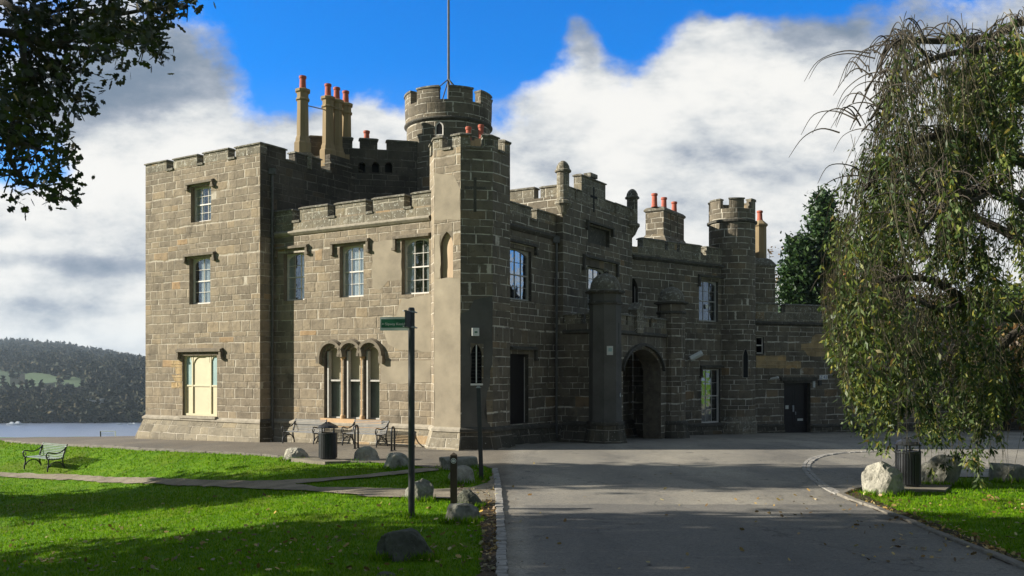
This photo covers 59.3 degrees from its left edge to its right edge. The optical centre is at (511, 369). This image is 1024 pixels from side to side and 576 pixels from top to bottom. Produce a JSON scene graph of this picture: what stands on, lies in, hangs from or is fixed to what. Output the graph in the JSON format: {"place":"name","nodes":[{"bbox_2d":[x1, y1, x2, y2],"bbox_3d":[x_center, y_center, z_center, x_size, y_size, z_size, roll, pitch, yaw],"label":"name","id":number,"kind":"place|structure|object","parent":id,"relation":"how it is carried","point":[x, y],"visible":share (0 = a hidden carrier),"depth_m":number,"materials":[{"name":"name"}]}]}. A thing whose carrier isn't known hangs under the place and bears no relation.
{"place":"outdoors","nodes":[
{"label":"outdoors","id":0,"kind":"place"},
{"bbox_2d":[0,422,140,436],"bbox_3d":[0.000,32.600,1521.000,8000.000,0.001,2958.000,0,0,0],"label":"lake","id":1,"kind":"structure","parent":0,"point":[63,429],"depth_m":493.11,"materials":[{"name":"liquid"}]},
{"bbox_2d":[0,369,140,422],"bbox_3d":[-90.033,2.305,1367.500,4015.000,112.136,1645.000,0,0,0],"label":"hills","id":2,"kind":"structure","parent":0,"point":[49,379],"depth_m":797.62,"materials":[{"name":"green plant"}]},
{"bbox_2d":[0,337,145,422],"bbox_3d":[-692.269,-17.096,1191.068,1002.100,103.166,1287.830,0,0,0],"label":"woods","id":3,"kind":"object","parent":2,"relation":"on","point":[105,372],"visible":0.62,"depth_m":676.86,"materials":[{"name":"green plant"}]},
{"bbox_2d":[87,398,103,403],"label":"country house","id":4,"kind":"structure","parent":2,"relation":"on","point":[101,401],"depth_m":601.22,"materials":[{"name":"grey"}]},
{"bbox_2d":[0,468,495,501],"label":"gravel path","id":5,"kind":"structure","parent":0,"point":[290,484],"depth_m":22.37,"materials":[{"name":"grey gravel"}]},
{"bbox_2d":[0,430,1023,575],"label":"driveway","id":6,"kind":"structure","parent":0,"point":[616,517],"depth_m":17.01,"materials":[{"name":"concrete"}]},
{"bbox_2d":[281,418,326,443],"bbox_3d":[-7.421,2.195,32.148,1.556,0.874,0.739,0,0,32],"label":"bench","id":7,"kind":"object","parent":6,"relation":"on","point":[314,431],"visible":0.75,"depth_m":32.32,"materials":[{"name":"black metal"}]},
{"bbox_2d":[353,424,359,448],"bbox_3d":[-5.118,2.184,29.620,0.114,0.792,0.400,0,0,12],"label":"cycle hoop","id":8,"kind":"object","parent":6,"relation":"on","point":[355,426],"visible":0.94,"depth_m":29.55,"materials":[{"name":"black metal"}]},
{"bbox_2d":[341,419,389,447],"bbox_3d":[-4.996,2.148,30.632,1.556,0.874,0.739,0,0,32],"label":"bench","id":9,"kind":"object","parent":6,"relation":"on","point":[377,434],"visible":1,"depth_m":30.74,"materials":[{"name":"grey wood"}]},
{"bbox_2d":[391,426,395,450],"bbox_3d":[-3.796,2.184,28.712,0.114,0.792,0.400,0,0,12],"label":"cycle hoop","id":10,"kind":"object","parent":6,"relation":"on","point":[392,428],"visible":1,"depth_m":28.58,"materials":[{"name":"black metal"}]},
{"bbox_2d":[476,499,496,575],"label":"soil strip","id":11,"kind":"object","parent":6,"relation":"on","point":[485,572],"visible":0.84,"depth_m":13.57,"materials":[{"name":"brown soil"}]},
{"bbox_2d":[492,468,507,575],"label":"sett kerb","id":12,"kind":"structure","parent":6,"relation":"on","point":[501,565],"depth_m":14.16,"materials":[{"name":"stone"}]},
{"bbox_2d":[802,451,879,493],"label":"channel setts","id":13,"kind":"structure","parent":6,"relation":"on","point":[816,480],"depth_m":22.86,"materials":[{"name":"stone"}]},
{"bbox_2d":[0,437,1023,575],"bbox_3d":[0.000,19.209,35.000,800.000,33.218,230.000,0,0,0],"label":"ground","id":14,"kind":"structure","parent":0,"point":[131,456],"depth_m":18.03,"materials":[{"name":"green plant"}]},
{"bbox_2d":[22,442,67,471],"bbox_3d":[-15.482,2.877,29.844,1.556,0.874,0.739,0,0,36],"label":"bench","id":15,"kind":"object","parent":14,"relation":"on","point":[48,457],"visible":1,"depth_m":29.95,"materials":[{"name":"green metal"}]},
{"bbox_2d":[0,0,215,220],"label":"oak tree","id":16,"kind":"object","parent":14,"relation":"on","point":[18,133],"visible":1,"depth_m":11.62,"materials":[{"name":"green plant"}]},
{"bbox_2d":[4,440,370,462],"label":"terrace kerb","id":17,"kind":"structure","parent":14,"relation":"on","point":[145,449],"depth_m":29.68,"materials":[{"name":"stone"}]},
{"bbox_2d":[283,447,310,460],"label":"boulder","id":18,"kind":"object","parent":14,"relation":"on","point":[295,452],"visible":0.66,"depth_m":26.38,"materials":[{"name":"grey stone"}]},
{"bbox_2d":[291,457,349,464],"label":"paving slab","id":19,"kind":"structure","parent":14,"relation":"on","point":[315,460],"depth_m":25.43,"materials":[{"name":"grey concrete"}]},
{"bbox_2d":[317,422,337,459],"bbox_3d":[-5.293,2.028,25.890,0.600,1.080,0.600,0,0,-12],"label":"litter bin","id":20,"kind":"object","parent":19,"relation":"on","point":[327,445],"visible":1,"depth_m":25.68,"materials":[{"name":"black metal"}]},
{"bbox_2d":[354,446,379,460],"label":"boulder","id":21,"kind":"object","parent":14,"relation":"on","point":[368,453],"visible":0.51,"depth_m":25.78,"materials":[{"name":"grey stone"}]},
{"bbox_2d":[376,571,395,575],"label":"boulder","id":22,"kind":"object","parent":14,"relation":"on","point":[383,573],"visible":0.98,"depth_m":10.98,"materials":[{"name":"grey stone"}]},
{"bbox_2d":[383,452,407,468],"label":"boulder","id":23,"kind":"object","parent":14,"relation":"on","point":[393,459],"visible":0.5,"depth_m":23.75,"materials":[{"name":"grey stone"}]},
{"bbox_2d":[380,307,416,517],"bbox_3d":[-1.896,0.799,15.762,0.478,3.802,0.802,0,0,-41],"label":"fingerpost","id":24,"kind":"object","parent":14,"relation":"on","point":[407,322],"visible":0.99,"depth_m":15.82,"materials":[{"name":"black metal"}]},
{"bbox_2d":[376,528,433,562],"bbox_3d":[-1.505,2.473,12.582,0.680,0.534,0.673,0,0,-40],"label":"boulder","id":25,"kind":"object","parent":14,"relation":"on","point":[401,543],"visible":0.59,"depth_m":12.30,"materials":[{"name":"grey stone"}]},
{"bbox_2d":[405,479,433,501],"bbox_3d":[-1.854,2.458,17.993,0.579,0.565,0.439,0,0,0],"label":"boulder","id":26,"kind":"object","parent":14,"relation":"on","point":[423,487],"visible":0.49,"depth_m":17.89,"materials":[{"name":"grey stone"}]},
{"bbox_2d":[450,452,456,503],"bbox_3d":[-1.082,2.114,16.709,0.124,1.171,0.134,0,0,0],"label":"waymark post","id":27,"kind":"object","parent":14,"relation":"on","point":[453,477],"visible":0.9,"depth_m":16.65,"materials":[{"name":"black wood"}]},
{"bbox_2d":[439,456,477,468],"bbox_3d":[-1.459,2.518,23.890,0.973,0.444,0.737,0,0,-35],"label":"boulder","id":28,"kind":"object","parent":14,"relation":"on","point":[444,462],"visible":0.45,"depth_m":23.72,"materials":[{"name":"grey stone"}]},
{"bbox_2d":[448,465,474,483],"bbox_3d":[-1.159,2.480,20.855,0.554,0.519,0.669,0,0,-37],"label":"boulder","id":29,"kind":"object","parent":14,"relation":"on","point":[464,472],"visible":0.42,"depth_m":20.70,"materials":[{"name":"grey stone"}]},
{"bbox_2d":[445,503,480,522],"bbox_3d":[-0.863,2.509,15.500,0.667,0.463,0.480,0,0,0],"label":"boulder","id":30,"kind":"object","parent":14,"relation":"on","point":[464,510],"visible":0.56,"depth_m":15.32,"materials":[{"name":"grey stone"}]},
{"bbox_2d":[457,489,483,505],"bbox_3d":[-0.821,2.501,17.089,0.560,0.479,0.407,0,0,35],"label":"boulder","id":31,"kind":"object","parent":14,"relation":"on","point":[467,496],"visible":0.51,"depth_m":16.93,"materials":[{"name":"grey stone"}]},
{"bbox_2d":[476,385,482,479],"bbox_3d":[-0.760,1.528,21.273,0.178,2.344,0.116,0,0,0],"label":"black post","id":32,"kind":"object","parent":14,"relation":"on","point":[479,425],"visible":0.91,"depth_m":21.22,"materials":[{"name":"metal"}]},
{"bbox_2d":[0,462,1023,572],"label":"fallen leaves","id":33,"kind":"object","parent":14,"relation":"on","point":[986,542],"visible":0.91,"depth_m":14.10,"materials":[{"name":"brown plant"}]},
{"bbox_2d":[135,0,1020,450],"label":"castle","id":34,"kind":"structure","parent":14,"relation":"on","point":[279,284],"depth_m":34.17,"materials":[{"name":"stone"}]},
{"bbox_2d":[182,251,215,303],"bbox_3d":[-12.249,-3.616,35.530,1.912,2.029,0.420,0,0,32],"label":"window","id":35,"kind":"structure","parent":34,"relation":"in","point":[205,281],"depth_m":35.68,"materials":[{"name":"beige glass"}]},
{"bbox_2d":[174,348,223,418],"bbox_3d":[-12.268,0.523,35.471,2.742,2.780,0.360,0,0,32],"label":"window","id":36,"kind":"structure","parent":34,"relation":"in","point":[200,372],"depth_m":35.60,"materials":[{"name":"glass"}]},
{"bbox_2d":[184,178,214,221],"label":"window","id":37,"kind":"structure","parent":34,"relation":"in","point":[200,196],"depth_m":35.75,"materials":[{"name":"beige glass"}]},
{"bbox_2d":[274,244,308,300],"bbox_3d":[-8.204,-3.639,33.809,1.796,2.075,0.420,0,0,32],"label":"window","id":38,"kind":"structure","parent":34,"relation":"in","point":[290,257],"depth_m":33.97,"materials":[{"name":"beige glass"}]},
{"bbox_2d":[329,238,370,296],"bbox_3d":[-5.736,-3.641,32.266,1.882,2.063,0.420,0,0,32],"label":"window","id":39,"kind":"structure","parent":34,"relation":"in","point":[353,257],"depth_m":32.43,"materials":[{"name":"white glass"}]},
{"bbox_2d":[391,232,429,294],"bbox_3d":[-3.383,-3.616,30.795,1.607,2.055,0.420,0,0,32],"label":"window","id":40,"kind":"structure","parent":34,"relation":"in","point":[410,245],"depth_m":31.02,"materials":[{"name":"white glass"}]},
{"bbox_2d":[435,122,442,134],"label":"lancet window","id":41,"kind":"structure","parent":34,"relation":"in","point":[439,126],"depth_m":38.16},
{"bbox_2d":[510,238,538,300],"bbox_3d":[0.284,-3.506,31.715,0.340,2.107,2.102,0,0,32],"label":"window","id":42,"kind":"structure","parent":34,"relation":"in","point":[535,246],"depth_m":31.99,"materials":[{"name":"grey glass"}]},
{"bbox_2d":[510,346,538,423],"bbox_3d":[0.281,0.526,31.718,0.350,2.723,2.100,0,0,32],"label":"window","id":43,"kind":"structure","parent":34,"relation":"in","point":[517,361],"depth_m":31.80,"materials":[{"name":"black paint"}]},
{"bbox_2d":[582,253,619,309],"bbox_3d":[3.507,-3.452,36.353,0.400,2.167,3.206,0,0,32],"label":"window","id":44,"kind":"structure","parent":34,"relation":"in","point":[584,256],"depth_m":35.93,"materials":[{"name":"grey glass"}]},
{"bbox_2d":[697,274,723,321],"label":"window","id":45,"kind":"structure","parent":34,"relation":"in","point":[699,275],"depth_m":43.19,"materials":[{"name":"grey glass"}]},
{"bbox_2d":[699,365,723,422],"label":"window","id":46,"kind":"structure","parent":34,"relation":"in","point":[701,366],"depth_m":43.28,"materials":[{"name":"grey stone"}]},
{"bbox_2d":[742,349,747,377],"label":"lancet window","id":47,"kind":"structure","parent":34,"relation":"in","point":[745,354],"depth_m":43.35,"materials":[{"name":"stone"}]},
{"bbox_2d":[756,337,762,353],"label":"window","id":48,"kind":"structure","parent":34,"relation":"in","point":[761,345],"depth_m":45.51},
{"bbox_2d":[784,383,806,432],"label":"door","id":49,"kind":"structure","parent":34,"relation":"in","point":[795,394],"depth_m":46.46,"materials":[{"name":"black paint"}]},
{"bbox_2d":[278,455,1023,575],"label":"grass tufts","id":50,"kind":"object","parent":14,"relation":"on","point":[373,556],"visible":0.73,"depth_m":17.72,"materials":[{"name":"green plant"}]},
{"bbox_2d":[767,246,782,300],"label":"bare tree","id":51,"kind":"object","parent":14,"relation":"on","point":[771,251],"visible":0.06,"depth_m":61.78,"materials":[{"name":"brown plant"}]},
{"bbox_2d":[775,224,827,311],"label":"conifer tree","id":52,"kind":"object","parent":14,"relation":"on","point":[798,250],"visible":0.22,"depth_m":59.33,"materials":[{"name":"green plant"}]},
{"bbox_2d":[797,180,845,313],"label":"conifer tree","id":53,"kind":"object","parent":14,"relation":"on","point":[815,225],"visible":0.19,"depth_m":59.87,"materials":[{"name":"green plant"}]},
{"bbox_2d":[861,461,904,495],"bbox_3d":[7.824,2.331,18.925,0.921,0.819,0.740,0,0,0],"label":"boulder","id":54,"kind":"object","parent":14,"relation":"on","point":[879,477],"visible":0.68,"depth_m":18.75,"materials":[{"name":"grey stone"}]},
{"bbox_2d":[858,219,911,312],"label":"conifer tree","id":55,"kind":"object","parent":14,"relation":"on","point":[889,249],"visible":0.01,"depth_m":61.60,"materials":[{"name":"green plant"}]},
{"bbox_2d":[789,6,1023,490],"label":"weeping tree","id":56,"kind":"object","parent":14,"relation":"on","point":[946,172],"visible":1,"depth_m":16.76,"materials":[{"name":"green plant"}]},
{"bbox_2d":[904,484,951,491],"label":"paving slab","id":57,"kind":"structure","parent":14,"relation":"on","point":[934,488],"depth_m":19.37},
{"bbox_2d":[893,437,922,486],"bbox_3d":[8.725,2.010,19.831,0.600,1.080,0.600,0,0,-12],"label":"litter bin","id":58,"kind":"object","parent":57,"relation":"on","point":[907,466],"visible":0.85,"depth_m":19.62,"materials":[{"name":"black metal"}]},
{"bbox_2d":[837,486,1023,569],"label":"island kerb","id":59,"kind":"structure","parent":14,"relation":"on","point":[1002,557],"depth_m":14.22,"materials":[{"name":"stone"}]},
{"bbox_2d":[848,493,1022,563],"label":"soil verge","id":60,"kind":"structure","parent":14,"relation":"on","point":[949,531],"depth_m":15.17,"materials":[{"name":"brown soil"}]},
{"bbox_2d":[921,454,963,484],"bbox_3d":[9.724,2.329,20.495,1.049,0.823,0.705,0,0,22],"label":"boulder","id":61,"kind":"object","parent":14,"relation":"on","point":[937,461],"visible":0.55,"depth_m":20.24,"materials":[{"name":"grey stone"}]},
{"bbox_2d":[935,321,1023,430],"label":"background tree","id":62,"kind":"object","parent":14,"relation":"on","point":[1009,421],"visible":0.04,"depth_m":48.95,"materials":[{"name":"green plant"}]},
{"bbox_2d":[966,267,1023,308],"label":"background tree","id":63,"kind":"object","parent":14,"relation":"on","point":[1016,284],"visible":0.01,"depth_m":59.53,"materials":[{"name":"green plant"}]},
{"bbox_2d":[967,268,1023,429],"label":"background tree","id":64,"kind":"object","parent":14,"relation":"on","point":[1013,293],"visible":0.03,"depth_m":51.46,"materials":[{"name":"green plant"}]},
{"bbox_2d":[988,462,1023,481],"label":"boulder","id":65,"kind":"object","parent":14,"relation":"on","point":[997,471],"visible":0.59,"depth_m":20.94,"materials":[{"name":"grey stone"}]},
{"bbox_2d":[0,0,1023,355],"label":"sky","id":66,"kind":"structure","parent":0,"point":[690,103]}
]}
==========
EXERCISE BRIEF
For the listing above, state how many lines include the word "paving", and give only the number.

EXERCISE RESPONSE
2